_Data for processing_
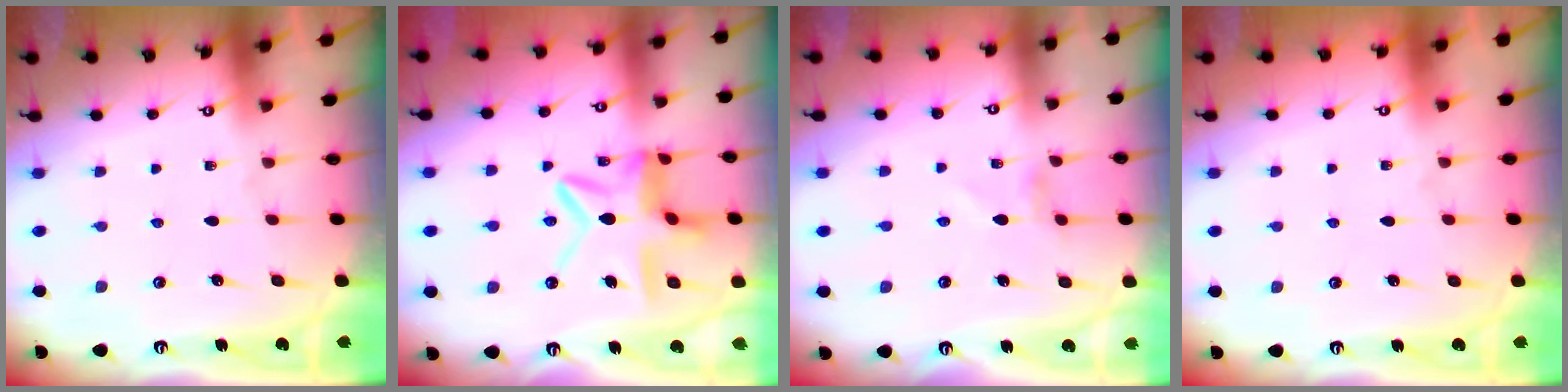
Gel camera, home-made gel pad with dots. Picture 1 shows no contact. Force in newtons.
{"total": 12.2, "press": 12.1, "slide": 1.4}
{"total": 1.8, "press": 1.7, "slide": 0.2}
{"total": 1.8, "press": 1.8, "slide": 0.2}
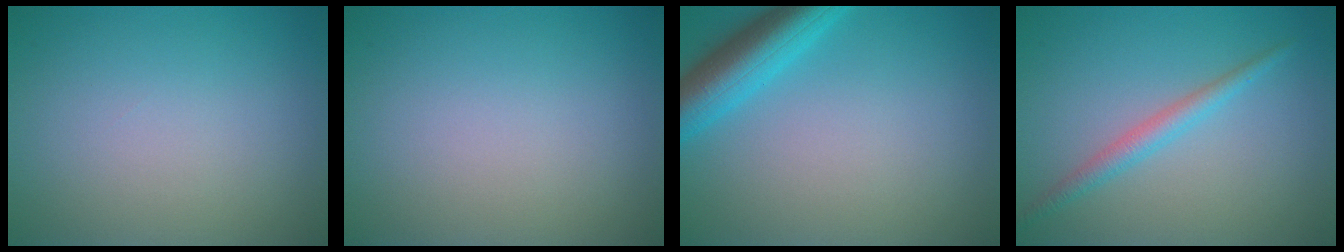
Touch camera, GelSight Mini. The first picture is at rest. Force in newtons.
{"total": 0.0}
{"total": 5.4, "press": 5.4, "slide": 0.4}
{"total": 2.0, "press": 2.0, "slide": 0.1}
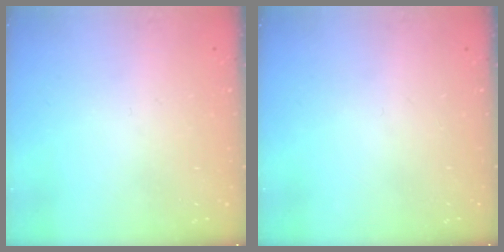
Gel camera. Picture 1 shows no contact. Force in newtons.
{"total": 0.0}
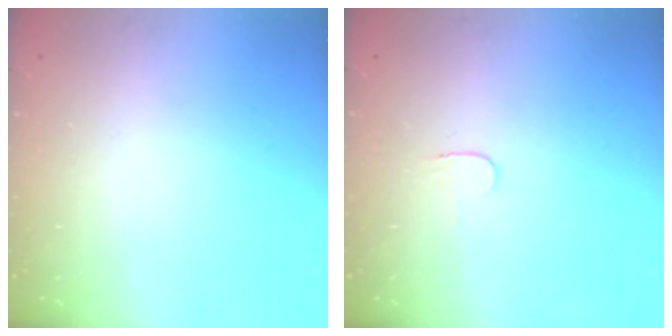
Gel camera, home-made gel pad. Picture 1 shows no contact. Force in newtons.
{"total": 3.7, "press": 3.7, "slide": 0.4}

_What needs to be done_
Output all the data above verbatim, leaving out images.

_Problem solution_
Gel camera, home-made gel pad with dots. Picture 1 shows no contact. Force in newtons.
{"total": 12.2, "press": 12.1, "slide": 1.4}
{"total": 1.8, "press": 1.7, "slide": 0.2}
{"total": 1.8, "press": 1.8, "slide": 0.2}
Touch camera, GelSight Mini. The first picture is at rest. Force in newtons.
{"total": 0.0}
{"total": 5.4, "press": 5.4, "slide": 0.4}
{"total": 2.0, "press": 2.0, "slide": 0.1}
Gel camera. Picture 1 shows no contact. Force in newtons.
{"total": 0.0}
Gel camera, home-made gel pad. Picture 1 shows no contact. Force in newtons.
{"total": 3.7, "press": 3.7, "slide": 0.4}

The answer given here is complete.